Step 6: Analyze Option D: $n_1 = 4, n_2 = 6$

Substitute $n_1 = 4$ and $n_2 = 6$ into the expression for $\alpha$: $\alpha = \frac{5(4) + 3(6)}{4+6} = \frac{20 + 18}{10} = \frac{38}{10} = \frac{19}{5} = 3.8$ Since $3 < \frac{19}{5} < 5$, $\alpha \in (3, 5)$. Now we analyze the sign of $f'(x)$ around $\alpha$. $f'(x) = (x-3)^{4-1}(x-5)^{6-1}[4(x-5) + 6(x-3)] = (x-3)^3(x-5)^5(10x-38) = 2(x-3)^3(x-5)^5(5x-19)$

• For $x \in (3, \frac{19}{5})$, $(x-3)^3 > 0$, $(x-5)^5 < 0$, $(5x-19) < 0$. Thus, $f'(x) = (+)(-)(-) = +$.
• For $x \in (\frac{19}{5}, 5)$, $(x-3)^3 > 0$, $(x-5)^5 < 0$, $(5x-19) > 0$. Thus, $f'(x) = (+)(-)(+) = -$. Since $f'(x)$ changes from positive to negative at $x = \frac{19}{5}$, there is a local maximum at $x = \frac{19}{5}$. Therefore, option (D) is TRUE.

Since options B, C, and D are true, A must be incorrect.
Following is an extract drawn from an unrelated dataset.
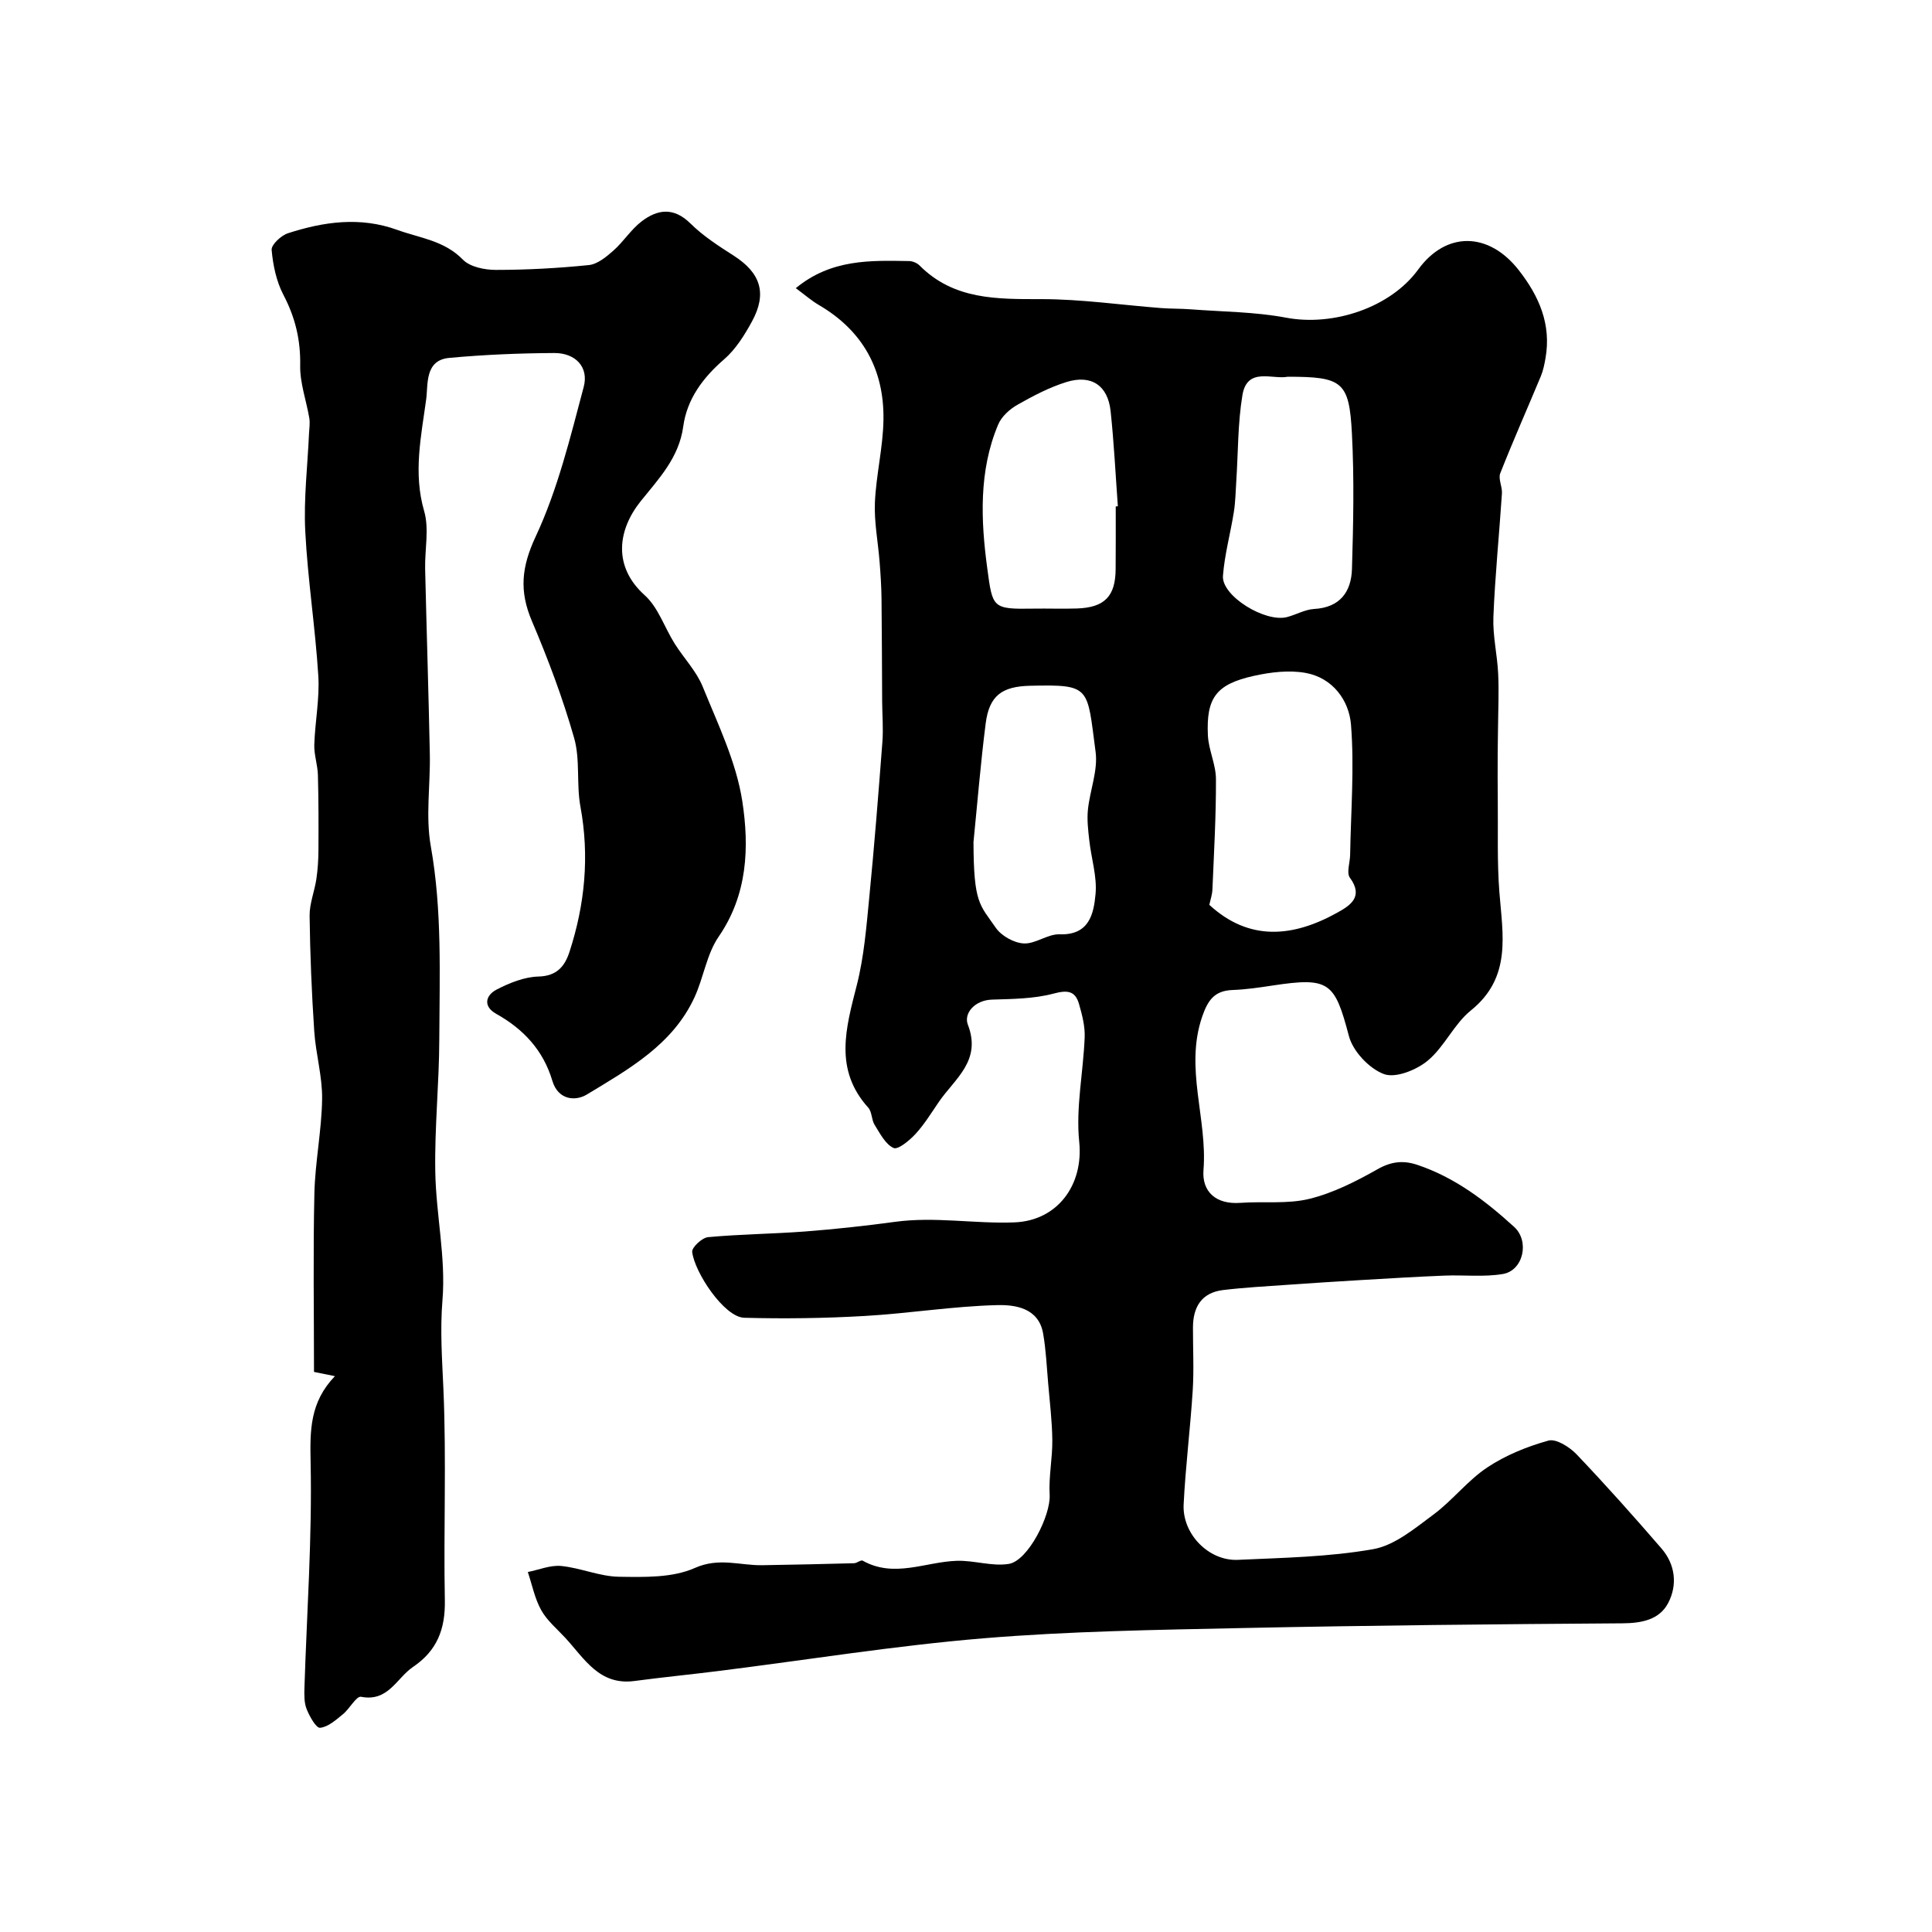 <svg enable-background="new 0 0 400 400" viewBox="0 0 400 400" xmlns="http://www.w3.org/2000/svg"><path d="m164.76 59.66c7.34-6.05 15.44-5.74 23.47-5.61.73.01 1.64.4 2.16.92 7.1 7.13 16.02 6.96 25.2 6.96 8.26 0 16.52 1.21 24.78 1.85 2.04.16 4.09.1 6.13.26 6.6.51 13.3.51 19.76 1.73 9.78 1.85 21.62-2.07 27.37-9.98 5.77-7.93 14.58-7.83 20.82.15 4.21 5.39 6.76 11.22 5.53 18.22-.22 1.27-.48 2.56-.97 3.74-2.79 6.7-5.74 13.34-8.4 20.09-.45 1.15.44 2.77.35 4.15-.56 8.54-1.43 17.06-1.77 25.61-.15 3.9.81 7.82.99 11.75.18 3.71 0 7.43-.03 11.15-.01 1.83-.07 3.65-.07 5.48-.01 3.2-.02 6.39.02 9.59.07 6.33-.16 12.69.33 18.99.69 8.87 2.58 17.66-5.91 24.5-3.5 2.82-5.46 7.52-8.93 10.39-2.34 1.94-6.67 3.68-9.08 2.77-3.04-1.14-6.4-4.71-7.23-7.86-2.95-11.17-4.03-12.25-15.8-10.47-2.75.42-5.53.83-8.3.93-3.75.14-5.12 2.12-6.3 5.57-3.63 10.66 1.13 21.1.29 31.68-.36 4.52 2.59 7.18 7.61 6.82 4.78-.35 9.75.29 14.31-.83 4.94-1.21 9.69-3.63 14.16-6.16 2.84-1.6 5.32-1.84 8.19-.88 7.77 2.6 14.12 7.44 20.06 12.86 3.22 2.94 1.9 9.02-2.35 9.74-3.92.66-8.02.17-12.04.33-5.77.23-11.53.58-17.3.92-5.1.3-10.2.63-15.3.99-4.43.31-8.87.55-13.28 1.08-4.48.54-6.24 3.53-6.24 7.79-.01 4.33.22 8.68-.05 13-.5 7.87-1.49 15.72-1.88 23.59-.31 6.13 5.21 11.75 11.22 11.48 9.36-.43 18.83-.59 28.01-2.21 4.45-.78 8.61-4.29 12.47-7.15 3.96-2.93 7.08-7.06 11.16-9.77 3.8-2.53 8.26-4.34 12.67-5.56 1.59-.44 4.38 1.33 5.83 2.85 6.03 6.33 11.85 12.86 17.57 19.48 2.89 3.34 3.34 7.58 1.38 11.31-1.8 3.43-5.44 4.16-9.41 4.19-26.27.18-52.54.43-78.8.98-17.89.38-35.82.65-53.63 2.13-18.26 1.52-36.4 4.46-54.6 6.74-5.85.74-11.72 1.31-17.56 2.09-7.3.98-10.38-4.65-14.34-8.94-1.72-1.86-3.78-3.57-4.98-5.73-1.34-2.4-1.88-5.24-2.77-7.89 2.31-.46 4.68-1.47 6.92-1.25 4.02.4 7.96 2.17 11.95 2.23 5.28.08 11.09.24 15.71-1.82 5.01-2.23 9.32-.5 13.94-.57 6.34-.1 12.69-.24 19.03-.41.61-.02 1.41-.74 1.78-.53 6.52 3.66 12.98.24 19.47.03 3.59-.12 7.31 1.2 10.78.64 4.01-.65 8.7-10.07 8.46-14.3-.22-3.75.59-7.54.55-11.31-.04-3.93-.53-7.86-.86-11.79-.3-3.44-.45-6.9-1.04-10.29-.92-5.31-5.78-5.98-9.49-5.89-9.17.22-18.31 1.73-27.49 2.25-8.28.48-16.61.59-24.9.37-4.15-.11-10.3-9.41-10.78-13.64-.1-.93 2.04-2.93 3.28-3.05 6.69-.62 13.44-.67 20.15-1.18 6.2-.48 12.39-1.15 18.55-1.99 8.27-1.13 16.49.43 24.75.11 8.92-.35 14.32-7.77 13.4-16.68-.73-7.1.85-14.42 1.13-21.65.09-2.28-.53-4.65-1.17-6.88-.8-2.77-2.42-2.92-5.3-2.15-4.07 1.08-8.46 1.1-12.73 1.24-3.61.12-5.87 2.88-4.99 5.17 2.9 7.51-2.7 11.19-5.99 15.99-1.55 2.26-2.99 4.63-4.82 6.63-1.24 1.35-3.64 3.34-4.56 2.93-1.7-.77-2.82-3.02-3.94-4.81-.65-1.04-.52-2.67-1.3-3.53-7.15-7.92-4.64-16.49-2.38-25.37 1.51-5.92 1.99-12.13 2.59-18.25 1.05-10.68 1.89-21.39 2.71-32.1.21-2.77-.03-5.58-.05-8.37-.04-7.09-.05-14.19-.13-21.28-.03-2.56-.2-5.12-.4-7.67-.32-4.09-1.14-8.2-.97-12.26.25-5.72 1.68-11.39 1.77-17.1.17-10.36-4.25-18.46-13.37-23.79-1.55-.91-2.91-2.11-4.78-3.49zm85.62 127.68c8.27 7.61 17.34 6.71 26.5 1.61 2.59-1.44 5.53-3.25 2.6-7.23-.74-1.01.02-3.11.05-4.71.15-8.99.89-18.03.18-26.96-.4-5.05-3.79-9.71-9.39-10.73-3.44-.62-7.25-.16-10.72.61-7.78 1.73-9.88 4.51-9.52 12.3.14 3.04 1.66 6.04 1.67 9.07.03 7.61-.41 15.23-.73 22.84-.04 1.09-.43 2.18-.64 3.2zm-48.83-13.01c.04 12.75 1.28 12.92 4.62 17.76 1.16 1.68 3.76 3.13 5.78 3.24 2.43.13 4.97-1.98 7.42-1.89 6.14.21 7.07-4.22 7.45-8.32.34-3.62-.88-7.38-1.29-11.09-.24-2.11-.5-4.27-.29-6.37.41-4.03 2.11-8.15 1.59-12.01-1.79-13.43-.88-13.96-13.54-13.67-5.85.13-8.49 2.04-9.22 7.84-1.04 8.14-1.7 16.33-2.52 24.51zm65.06-96.33c-3.14.63-8.4-2.09-9.38 3.81-.97 5.84-.88 11.85-1.27 17.79-.14 2.13-.17 4.28-.5 6.38-.7 4.43-1.92 8.8-2.26 13.24-.32 4.15 8.75 9.74 13.3 8.53 1.88-.5 3.69-1.56 5.58-1.67 5.38-.3 7.69-3.58 7.83-8.29.28-9.34.48-18.71-.01-28.03-.56-10.79-1.98-11.76-13.29-11.76zm-35.61 26.85c.15-.01.29-.02.44-.03-.48-6.57-.8-13.15-1.5-19.7-.57-5.32-3.99-7.63-9.16-6.02-3.54 1.1-6.92 2.88-10.17 4.73-1.59.9-3.25 2.42-3.94 4.05-4.07 9.61-3.59 19.97-2.27 29.76 1.11 8.24 1.01 8.51 9.58 8.37 2.99-.05 5.99.07 8.98-.03 5.73-.19 7.99-2.52 8.02-8.16.04-4.32.02-8.65.02-12.97z" fill="#000001"/><path d="m69.34 284.92c-1.91-.39-3.06-.62-4.33-.88 0-12.29-.2-24.62.08-36.94.15-6.54 1.51-13.05 1.6-19.59.06-4.66-1.32-9.33-1.63-14.02-.53-7.95-.86-15.92-.96-23.89-.03-2.52 1.02-5.05 1.4-7.6.29-1.97.42-3.99.43-5.98.03-5.19.03-10.37-.11-15.56-.06-2.09-.81-4.19-.75-6.26.15-4.77 1.13-9.57.83-14.3-.62-9.99-2.19-19.92-2.7-29.92-.34-6.72.48-13.49.78-20.24.05-1.05.23-2.13.06-3.15-.61-3.65-1.96-7.29-1.89-10.91.1-5.29-1.02-9.96-3.47-14.63-1.46-2.79-2.16-6.14-2.44-9.31-.09-1.08 1.96-2.99 3.38-3.45 7.42-2.4 14.95-3.47 22.61-.7 4.69 1.7 9.75 2.2 13.6 6.16 1.48 1.52 4.51 2.13 6.83 2.13 6.42 0 12.86-.35 19.25-1 1.78-.18 3.6-1.68 5.06-2.97 2.1-1.85 3.65-4.37 5.85-6.06 3.29-2.52 6.64-3.02 10.12.41 2.62 2.59 5.82 4.66 8.95 6.66 5.57 3.57 6.99 7.78 3.8 13.63-1.55 2.84-3.38 5.78-5.79 7.86-4.39 3.8-7.67 8.23-8.44 13.88-.88 6.49-5.08 10.83-8.81 15.48-4.76 5.94-5.81 13.5.82 19.46 2.81 2.52 4.11 6.69 6.22 10.04 1.89 3 4.49 5.68 5.8 8.9 3.15 7.77 6.95 15.59 8.2 23.74 1.45 9.47 1.11 19.29-4.9 28.02-2.48 3.61-3.11 8.44-4.99 12.53-4.52 9.83-13.61 14.88-22.27 20.13-2.43 1.48-5.99 1.15-7.17-2.82-1.88-6.31-5.96-10.7-11.63-13.87-2.78-1.55-2.18-3.84.07-5.01 2.68-1.39 5.77-2.64 8.71-2.71 3.83-.1 5.44-2.19 6.39-5.09 3.2-9.83 4.17-19.81 2.27-30.1-.86-4.66-.02-9.71-1.3-14.19-2.35-8.24-5.39-16.33-8.75-24.22-2.63-6.19-2.18-11.15.79-17.5 4.56-9.75 7.15-20.49 9.94-30.97 1.1-4.14-1.73-7.04-6.09-7.02-7.26.04-14.54.34-21.76 1.01-5.1.47-4.35 5.53-4.76 8.55-1.03 7.62-2.72 15.26-.43 23.14 1.08 3.71.12 7.99.21 12.01.3 12.77.71 25.53.97 38.3.13 6.37-.9 12.91.2 19.09 2.37 13.33 1.81 26.68 1.76 40.04-.03 9.12-.99 18.25-.83 27.36.15 8.87 2.21 17.8 1.49 26.55-.52 6.34-.07 12.37.2 18.6.63 14.51.01 29.06.29 43.59.11 5.94-1.59 10.41-6.59 13.79-3.42 2.32-5.12 7.28-10.76 6.18-.97-.19-2.37 2.5-3.76 3.62-1.44 1.17-3.06 2.64-4.72 2.8-.82.08-2.18-2.36-2.78-3.86-.53-1.31-.5-2.92-.46-4.39.49-15.56 1.61-31.13 1.28-46.67-.14-6.62-.18-12.46 5.03-17.88z" fill="#000001"/></svg>

Recalculating Option C: $f'(x) = (x-3)^2 (x-5)^4 (8x - 30) = 2(x-3)^2 (x-5)^4 (4x - 15)$ The critical point is $x = \frac{15}{4} = 3.75$. When $x < \frac{15}{4}$, $f'(x) < 0$. When $x > \frac{15}{4}$, $f'(x) > 0$. Thus, there is a local minimum. Option C states that there is a local maximum, which is incorrect.

Common Mistakes & Tips

• Remember to use the product rule correctly when finding the derivative.
• Pay attention to the exponents when determining the sign of the derivative around critical points.
• When analyzing the sign of $f'(x)$, consider the signs of each factor in the expression.

Summary

We analyzed the given options by finding the first derivative of the function, identifying the critical points, and examining the sign changes of the derivative around those points. We found that option C states that there is a local maxima, which is incorrect since there is a local minima.

Final Answer

The final answer is \boxed{C}, which corresponds to option (C).